Why isn’t there a similar system in the UK? The petrol dispensers can’t be that different. I can only assume the ratchet mechanism has been removed for the UK market.

Things are always being changed ‘to suit the UK market’. This normally means removing the taste, strength or functionality of something before we can be trusted with it. For example, it was only recently that the Heineken sold in the UK started to bear any relationship at all to the Heineken sold in almost every other country of the world. I could give you other examples but they all seem to be booze-related and you might start to wonder about me.

So, back to petrol pumps and the fact that we have to stand there like dorks when filling up the car.

I’ve found a way round it.

I have. I have overcome the senseless petrol forecourt tyranny enforced upon us by the ruthless Petrol Retailers Association working in collusion with their arrogant Whitehall overlords.

I just hit upon the idea of using a tennis ball. We keep some in the boot to throw for the dog. You just jam the tennis ball between the trigger and the trigger guard, then go off and explore your new-found freedom while the tank fills up.

I can’t tell you how happy this discovery had made me.

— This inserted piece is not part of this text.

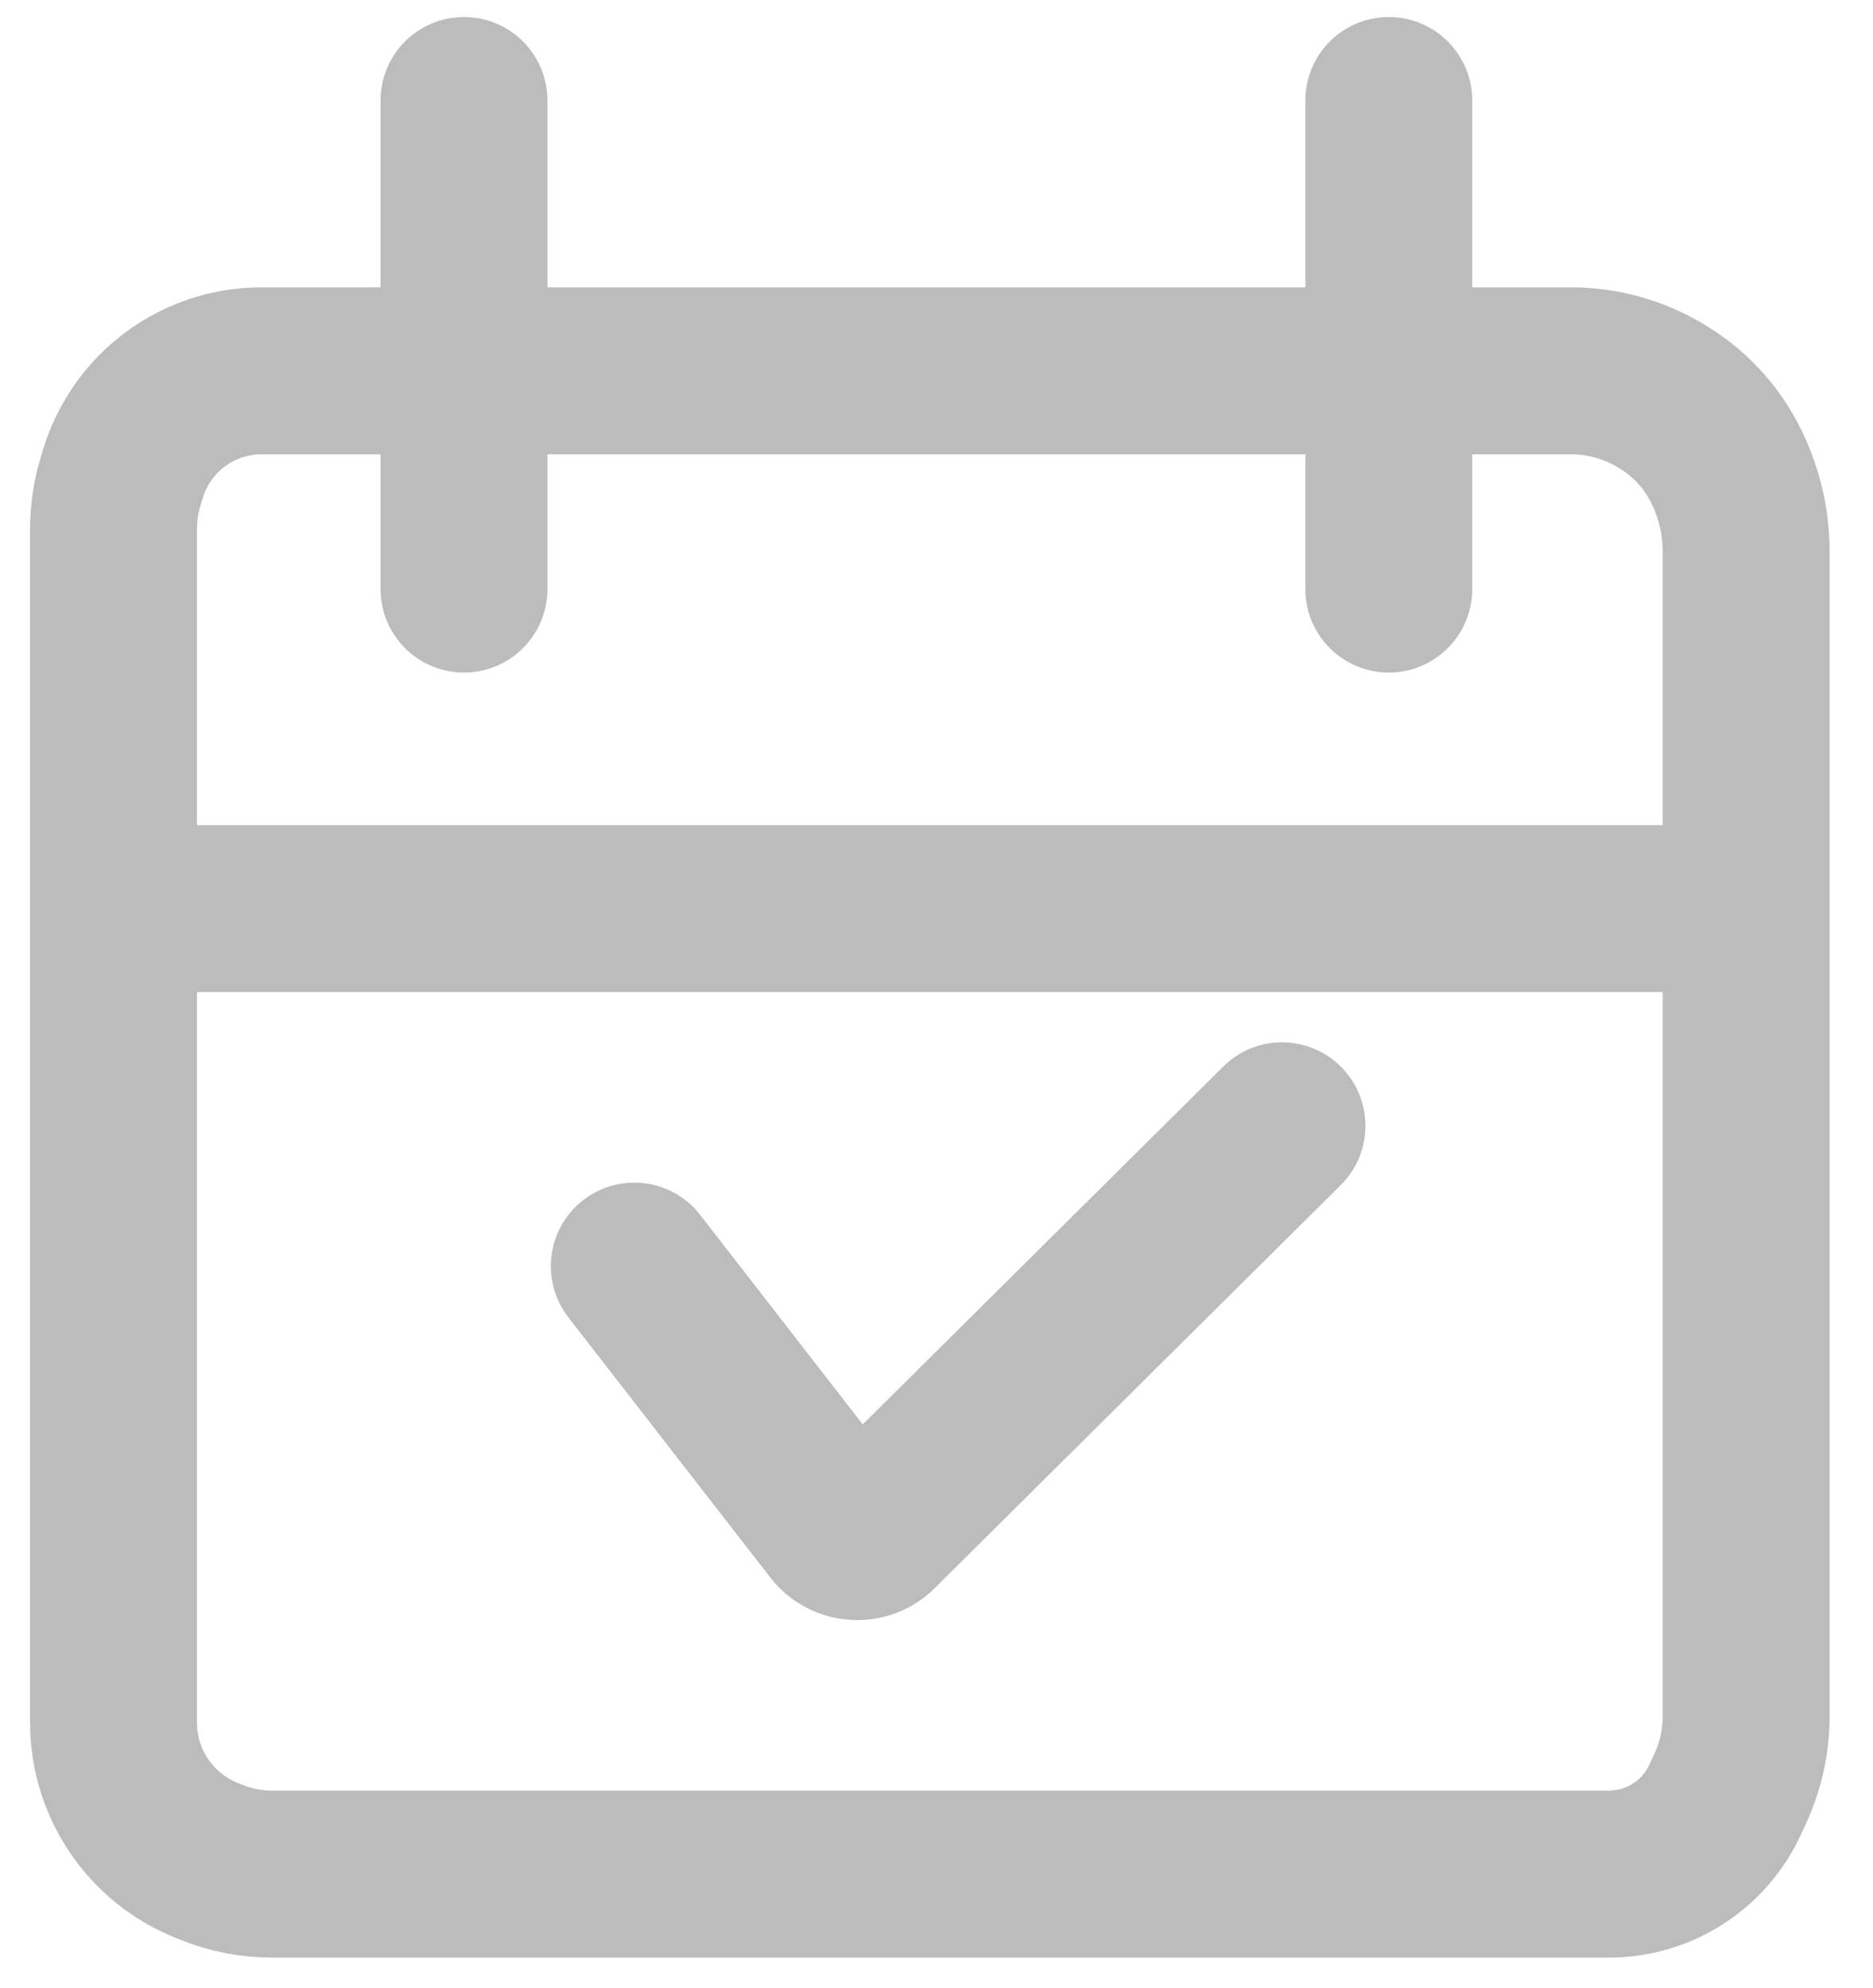 <svg width="33" height="35" viewBox="0 0 33 35" fill="none" xmlns="http://www.w3.org/2000/svg">
<path d="M27.68 6.53H8.118H4.606C4.17 6.53 3.741 6.642 3.361 6.855C2.789 7.175 2.363 7.703 2.17 8.329L2.128 8.466C2.043 8.742 2 9.03 2 9.32V30.334C2 30.696 2.075 31.054 2.221 31.386C2.494 32.007 2.998 32.497 3.626 32.753L3.717 32.79C4.059 32.929 4.425 33.001 4.794 33.001H28.348C28.774 33.001 29.191 32.88 29.551 32.653C29.921 32.419 30.215 32.083 30.397 31.686L30.491 31.481C30.671 31.087 30.765 30.659 30.765 30.226V9.712C30.765 9.167 30.633 8.631 30.382 8.148C30.132 7.667 29.754 7.265 29.289 6.986L29.257 6.967C28.781 6.681 28.236 6.53 27.68 6.53Z" stroke="#BCBCBC" stroke-width="2.94"/>
<path d="M9.645 1.77C9.645 0.958 8.987 0.3 8.175 0.3C7.363 0.3 6.705 0.958 6.705 1.77H9.645ZM6.705 10.373C6.705 11.185 7.363 11.843 8.175 11.843C8.987 11.843 9.645 11.185 9.645 10.373H6.705ZM25.939 1.77C25.939 0.958 25.281 0.3 24.469 0.3C23.657 0.3 22.999 0.958 22.999 1.77H25.939ZM22.999 10.373C22.999 11.185 23.657 11.843 24.469 11.843C25.281 11.843 25.939 11.185 25.939 10.373H22.999ZM12.336 21.393C11.838 20.752 10.915 20.636 10.274 21.134C9.632 21.632 9.516 22.555 10.014 23.197L12.336 21.393ZM23.622 20.868C24.199 20.296 24.202 19.365 23.631 18.789C23.059 18.213 22.128 18.209 21.552 18.781L23.622 20.868ZM13.116 24.795L11.955 25.697L11.955 25.697L13.116 24.795ZM15.435 26.921L14.399 25.877L15.435 26.921ZM14.732 26.875L15.893 25.974L14.732 26.875ZM6.705 1.77V10.373H9.645V1.77H6.705ZM22.999 1.77V10.373H25.939V1.77H22.999ZM2.293 17.47H30.999V14.53H2.293V17.47ZM16.47 27.964L23.622 20.868L21.552 18.781L14.399 25.877L16.47 27.964ZM10.014 23.197L11.955 25.697L14.277 23.893L12.336 21.393L10.014 23.197ZM11.955 25.697L13.571 27.777L15.893 25.974L14.277 23.893L11.955 25.697ZM14.399 25.877C14.825 25.455 15.525 25.5 15.893 25.974L13.571 27.777C14.285 28.697 15.643 28.785 16.47 27.964L14.399 25.877Z" fill="#BCBCBC"/>
</svg>

The first time I tried out the idea I immediately wondered what to do with the time that was now mine. I know – wash the windscreen. Trouble was, there was no bucket of soapy water with a sponge in it. Perhaps that’s another thing you only get in the States. There were no paper towels, either. The only thing I could put to use was a pair of flimsy see-through gloves. What could I possibly do with them? No idea.

So I waited, but not too close to the car. If anyone else drove up, I wanted them to see me and think: “That guy’s standing a little bit too far from his car to be able comfortably to hold the petrol nozzle. Wait…he’s not holding it at all. But how can his tank be filling up? I don’t understand. Hold on…he’s got some sort of device wedged into the petrol pump’s trigger mechanism. It’s *rubs eyes* it’s a common or garden tennis ball!”

But no one did.

Think about this: If the average UK motorist spends 1 minute 15 seconds filling up his car with a tankful of unleaded, drives 12,000 miles a year and averages 32 mpg, he really should take a long, hard look at reducing his carbon footprint.

But at least the tennis ball idea will save him literally minutes a year.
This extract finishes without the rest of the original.